Sexta-feira, 15/05/26

Justiça torna réu homem que matou ex em joalheira de shopping em SP

Justiça torna réu homem que matou ex em joalheira de shopping em SP
Justiça torna réu homem que matou ex em joalheira de – Reprodução

A Justiça tornou réu Cássio Henrique Zampier, suspeito de matar a ex-companheira dentro da joalheria Vivara em São Bernardo do Campo, na Grande São Paulo.

A denúncia de feminicídio do Ministério Público foi aceita no dia 11 de março. A informação foi confirmada ao UOL hoje pelo Tribunal de Justiça de São Paulo.

O réu segue preso preventivamente e a audiência de instrução já foi marcada. Ainda conforme a Justiça, a sessão deve ocorrer na próxima segunda-feira às 13h.

O processo está em sigilo e outras informações não foram divulgadas. O UOL também encontrou em contato com a Defensoria Pública, que representa Cássio, mas não teve retorno. O espaço segue aberto para manifestação.

Cibelle Monteiro Alves, 22, foi morta esfaqueada no pescoço. Segundo a Polícia Civil, o suspeito foi até a loja onde a mulher trabalhava e a fez refém até a chegada de agentes, que se depararam com a vítima já ferida.

Cássio teria resistido a se entregar e libertar a mulher. A corporação informou que a equipe, então, disparou contra ele para “afastar a ameaça” e conseguir entrar no interior do estabelecimento. Em seguida, a porta foi arrombada para socorrer a vítima, mas Cibele morreu no local.

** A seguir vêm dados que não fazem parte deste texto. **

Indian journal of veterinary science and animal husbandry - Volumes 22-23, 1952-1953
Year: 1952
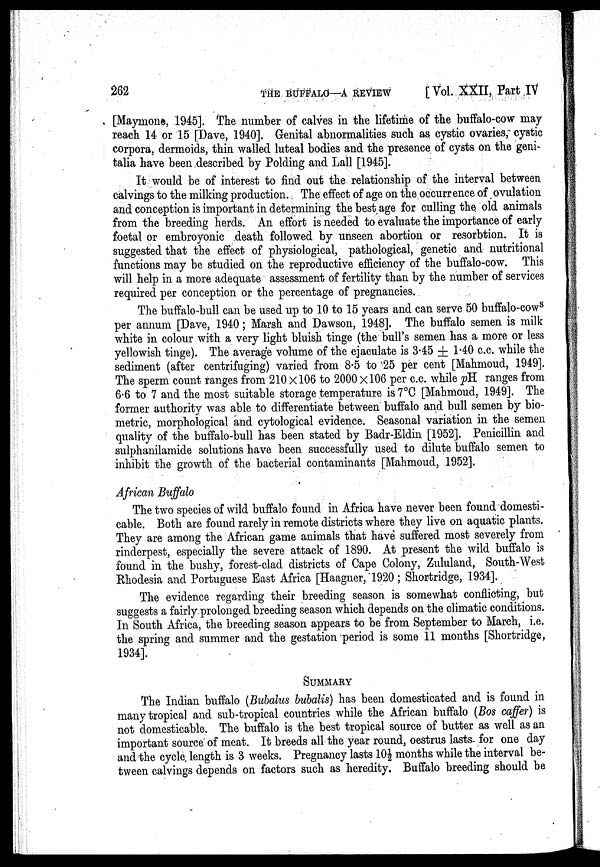
262
THE
BUFFALO—A
REVIEW
[Vol. XXII, Part IV
[Maymone, 1945]. The number of calves in the lifetime of the buffalo-cow may
reach 14 or 15 [Dave, 1940]. Genital abnormalities such as cystic ovaries, cystic
corpora, dermoids, thin walled luteal bodies and the presence of cysts on the geni-
talia have been described by Polding and Lall [1945].
It would be of interest to find out the relationship of the interval between
calvings to the milking production. The effect of age on the occurrence of ovulation
and conception is important in determining the best age for culling the old animals
from the breeding herds. An effort is needed to evaluate the importance of early
foetal or embroyonic death followed by unseen abortion or resorbtion. It is
suggested that the effect of physiological, pathological, genetic and nutritional
functions may be studied on the reproductive efficiency of the buffalo-cow. This
will help in a more adequate assessment of fertility than by the number of services
required per conception or the percentage of pregnancies.
The buffalo-bull can be used up to 10 to 15 years and can serve 50 buffalo-cow S
per annum [Dave, 1940; Marsh and Dawson, 1948]. The buffalo semen is milk
white in colour with a very light bluish tinge (the bull's semen has a more or less
yellowish tinge). The average volume of the ejaculate is 3.45 ± 1.40 c.c. while the
sediment (after centrifuging) varied from 8.5 to 25 per cent [Mahmoud, 1949].
The sperm count ranges from 210 x 106 to 2000 X 106 per c.c. while pH ranges from
6.6 to 7 and the most suitable storage temperature is 7ºC [Mahmoud, 1949]. The
former authority was able to differentiate between buffalo and bull semen by bio-
metric, morphological and cytological evidence. Seasonal variation in the semen
quality of the buffalo-bull has been stated by Badr-Eldin [1952]. Penicillin and
sulphanilamide solutions have been successfully used to dilute buffalo semen to
inhibit the growth of the bacterial contaminants [Mahmoud, 1952].
African Buffalo
The two species of wild buffalo found in Africa have never been found domesti-
cable. Both are found rarely in remote districts where they live on aquatic plants.
They are among the African game animals that have suffered most severely from
rinderpest, especially the severe attack of 1890. At present the wild buffalo is
found in the bushy, forest-clad districts of Cape Colony, Zululand, South-West
Rhodesia and Portuguese East Africa [Haagner, 1920; Shortridge, 1934].
The evidence regarding their breeding season is somewhat conflicting, but
suggests a fairly prolonged breeding season which depends on the climatic conditions.
In South Africa, the breeding season appears to be from September to March, i.e.
the spring and summer and the gestation period is some 11 months [Shortridge,
1934].
SUMMARY
The Indian buffalo (Bubalus bubalis) has been domesticated and is found in
many tropical and sub-tropical countries while the African buffalo (Bos caffer) is
not domesticable. The buffalo is the best tropical source of butter as well as an
important source of meat. It breeds all the year round, oestrus lasts- for one day
and the cycle, length is 3 weeks. Pregnancy lasts 10½ months while the interval be-
tween calvings depends on factors such as heredity. Buffalo breeding should be
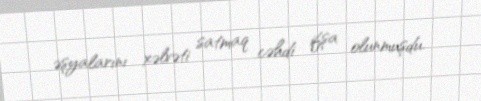
əşyalarını xəlvəti satmaq cəhdi ifşa olunmuşdu.
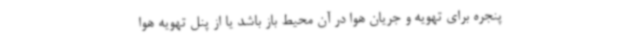
پنجره برای تهویه و جریان هوا در آن محیط باز باشد یا از پنل تهویه هوا
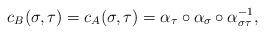
LaTeX: \begin{align*} c_B(\sigma,\tau)=c_A(\sigma,\tau)=\alpha_\tau\circ\alpha_\sigma\circ\alpha_{\sigma\tau}^{-1},\end{align*}
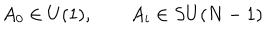
LaTeX: A _ { 0 } \in U ( 1 ) , \qquad A _ { i } \in S U ( N - 1 )
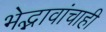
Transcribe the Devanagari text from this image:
भेद्भावांचाही
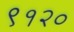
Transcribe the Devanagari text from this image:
९१२०
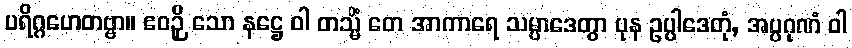
ပရိဂ္ဂဟေတဗ္ဗာ။ ဧဝဉှိ သော နဋ္ဌေ ဝါ တသ္မိံ တေ အာကာရေ သမ္ပာဒေတွာ ပုန ဥပ္ပါဒေတုံ, အပ္ပဂုဏံ ဝါ
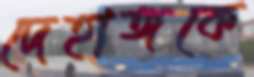
দেহাঙ্গকে
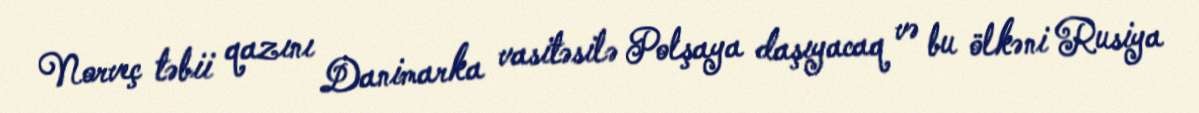
Norveç təbii qazını Danimarka vasitəsilə Polşaya daşıyacaq və bu ölkəni Rusiya
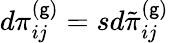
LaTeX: d\pi_{ij}^{(\mathsf{g})}=sd\tilde{{\pi}}_{ij}^{(\mathsf{g})}

Imagens que circulam nas redes sociais registraram o momento. Nas gravações, o shopping aparece com os corredores vazios, enquanto policiais e seguranças permanecem próximos à porta da joalheria.

O agressor ficou ferido e precisou ser hospitalizado sob escolta. O homem foi baleado por policiais após ter supostamente resistido a se entregar no dia do crime e foi levado ao Hospital Mário Covas, onde chegou inconsciente e passou por cirurgia. Após alta médica, seguiu para prisão.

A vítima já esteve sob ameaça anteriormente. Segundo a SSP (Secretaria de Segurança Pública de São Paulo), a mulher teria feito dois registros de agressão contra o homem antes do ocorrido, um em 2023 e outro em 2025, além de ter medida protetiva de urgência.

Os dois haviam rompido a relação em abril do ano passado. De acordo com o boletim de ocorrência, ao qual o UOL teve acesso, Cássio não aceitava o fim do namoro e fazia contatos constantes com a vítima, descumprindo a proibição judicial.

Prefeito de São Paulo, Ricardo Nunes (MDB), disse que ela morreu em um “ataque covarde” do ex-companheiro. Em nota, Marcelo Lima (Podemos) também declarou repudiar qualquer ato de violência contra a mulher e ressaltou que a sociedade não pode tolerar esses comportamentos.

Procurada, a Vivara confirmou em nota que a mulher era funcionária da loja. O estabelecimento lamentou o ocorrido e disse prestar todo o apoio e solidariedade à família, aos amigos e aos colegas de equipe. A loja informou ainda que está colaborando com as investigações.

“A Vivara repudia veementemente qualquer forma de violência, especialmente o feminicídio, e reafirma seu compromisso com o acolhimento e a dignidade de suas colaboradoras”, disse a loja, em comunicado.

EM CASO DE VIOLÊNCIA, DENUNCIE

Ao presenciar um episódio de agressão contra mulheres, ligue para 190 e denuncie.

Casos de violência doméstica são, na maior parte das vezes, cometidos por parceiros ou ex-companheiros das mulheres, mas a Lei Maria da Penha também pode ser aplicada em agressões cometidas por familiares.

Também é possível realizar denúncias pelo número 180 — Central de Atendimento à Mulher — e do Disque 100, que apura violações aos direitos humanos.